As an aside, I would like to clarify to any reader that, when they say you can use other tools, they aren't being a 100% honest. After a few assignments of using Scala and R, I quickly realized that using their iPython notebooks is the simplest and most straightforward way of clearing this course. Eventually, the assignments are such that using any other tool can cause a lot of strife.

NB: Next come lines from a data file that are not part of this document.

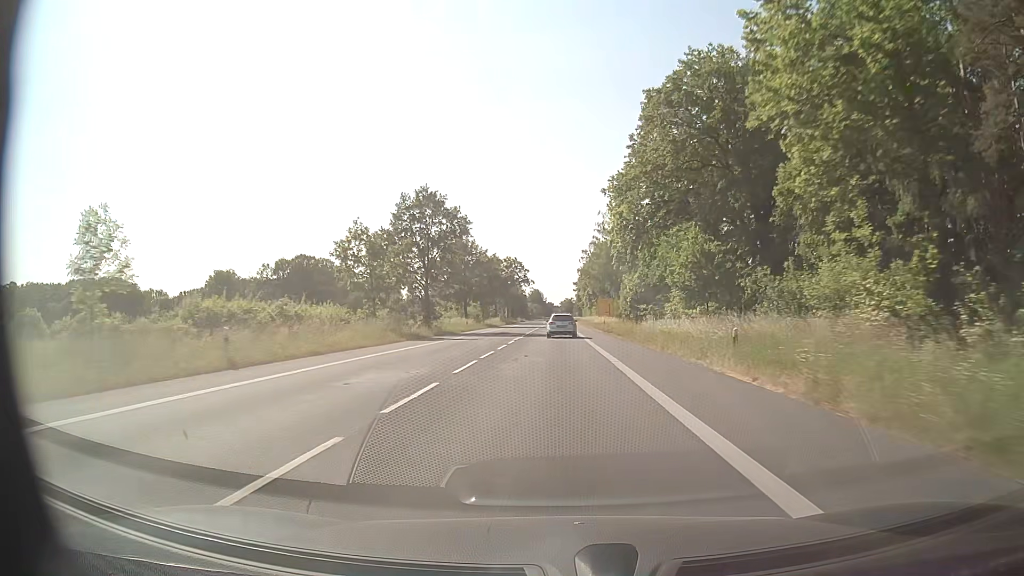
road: secondary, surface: asphalt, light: Day
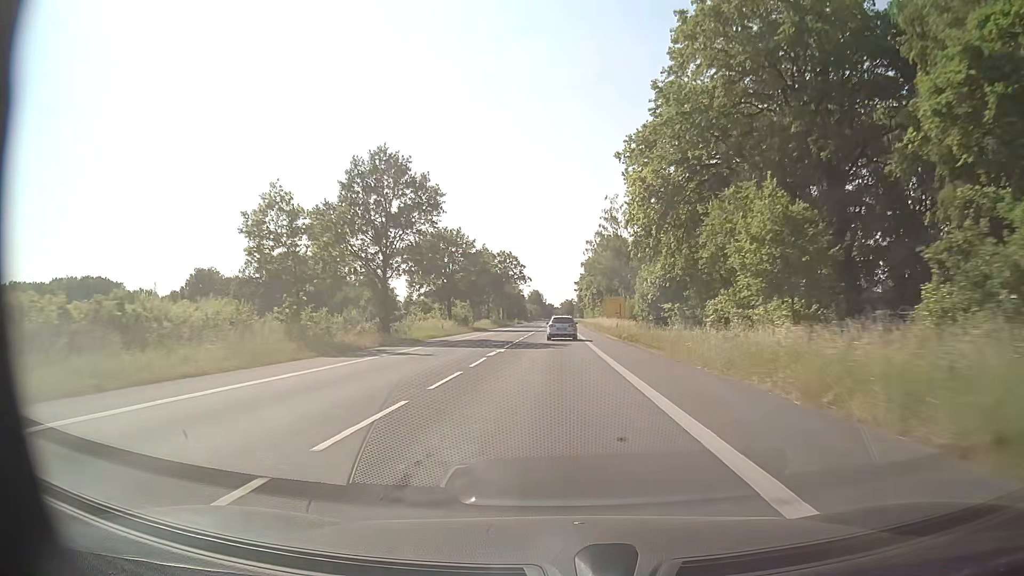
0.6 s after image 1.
(0.0, +14.4) m; 0°
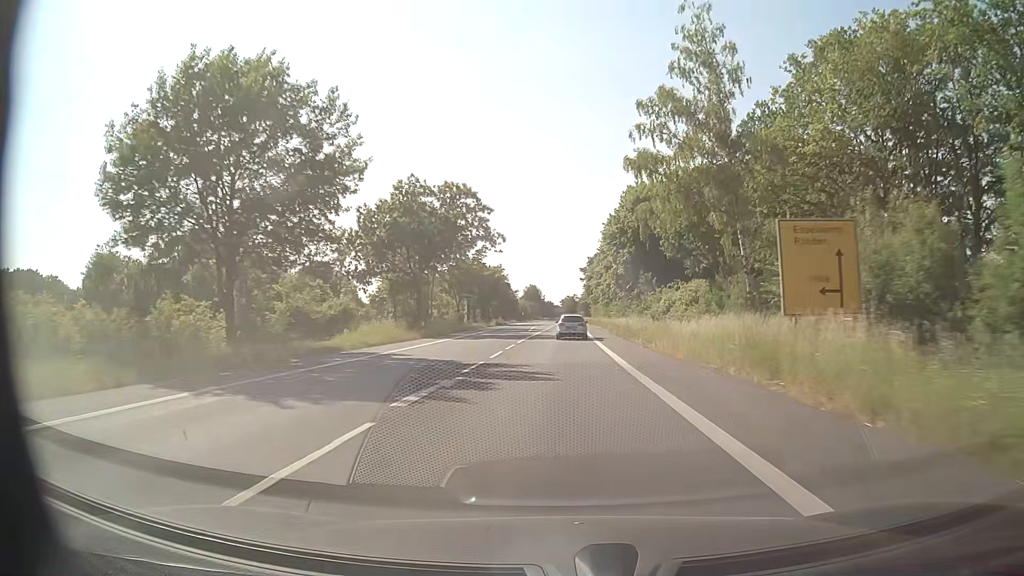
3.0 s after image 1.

Brilliant course. Looking forward to the next one.

创建者 Phil B

•Jan 29, 2018

This was the deep dive into regression that I was looking for, learning how and why to implement the various different algorithms that are used without being tied to a specific software package. Some of the other reviews complain about the use of graphlab but really it has no impact on the value of the course, because you can literally write the functions from scratch yourself using standard python and Numpy. The use of graphlab is just to speed things up in some of the programming assignments. One or 2 of the quizzes had some incorrect values in the notebooks but a quick search of the forums showed the correct ones and the ability to reattempt the quizzes means it's not a big issue. Emily is an excellent lecturer and the constant use of graphical aids and annotations makes it very easy to follow even with some of the fairly advanced maths.

创建者 David M

•Sep 8, 2017

I enjoyed this course. I took Ng's original ML coursera course, and it was good, but this one was much more involved and helped me better understand essential concepts in machine learning and data science. I feel confident that I can apply the skills I have learned in this course to future applications. While the lecturer sometimes repeated herself, she did well to explain some of the more difficult concepts. I would recommend this to anyone who wants a better grasp of statistics and regression analysis. The only thing I found lacking was that there was no exploration of forecasting, extrapolation, or otherwise making predictions beyond the boundaries of the training data. I feel like this is an important skill, and believe it could have been included among what was covered here.

创建者 Sean S

•Feb 18, 2018

I really enjoyed this course. Emily is an excellent instructor and the material was well planned and straightforward to follow. The programming assignments were useful and I got a lot out of implementing the algorithms from (near) scratch. I would have liked to see SVR and ensemble methods as part of this class but I understand they will be covered in another course. I used graphlab for all of the assignments but I also used numpy and and pandas when I couldn't find the functions I was looking for in graphlab. I was not a fan of the coursera hosted notebooks with graphlab for the first course but running it off my own machine was a different experience and I could definitely be sold on a single solution in place of numpy, pandas, and scikit learn.

创建者 Craig B

•Nov 29, 2016

A well thought out and nicely paced introduction to Regression following on from the equally good foundation course. I particularly like the way that the assignments assume an improving knowledge and familiarity with Python as the course progresses. It will be interesting to see if the subsequent courses in the specialisation continue in this vein - I hope so. I note the concerns that some have expressed about the use of graphlab.create for examples and assignments, but tend to think there is benefit from gaining familiarity with a number of different data science ML tools and libraries. Also additional code and instructions are available for those determined to use other tools such as Pandas and Scikit Learn.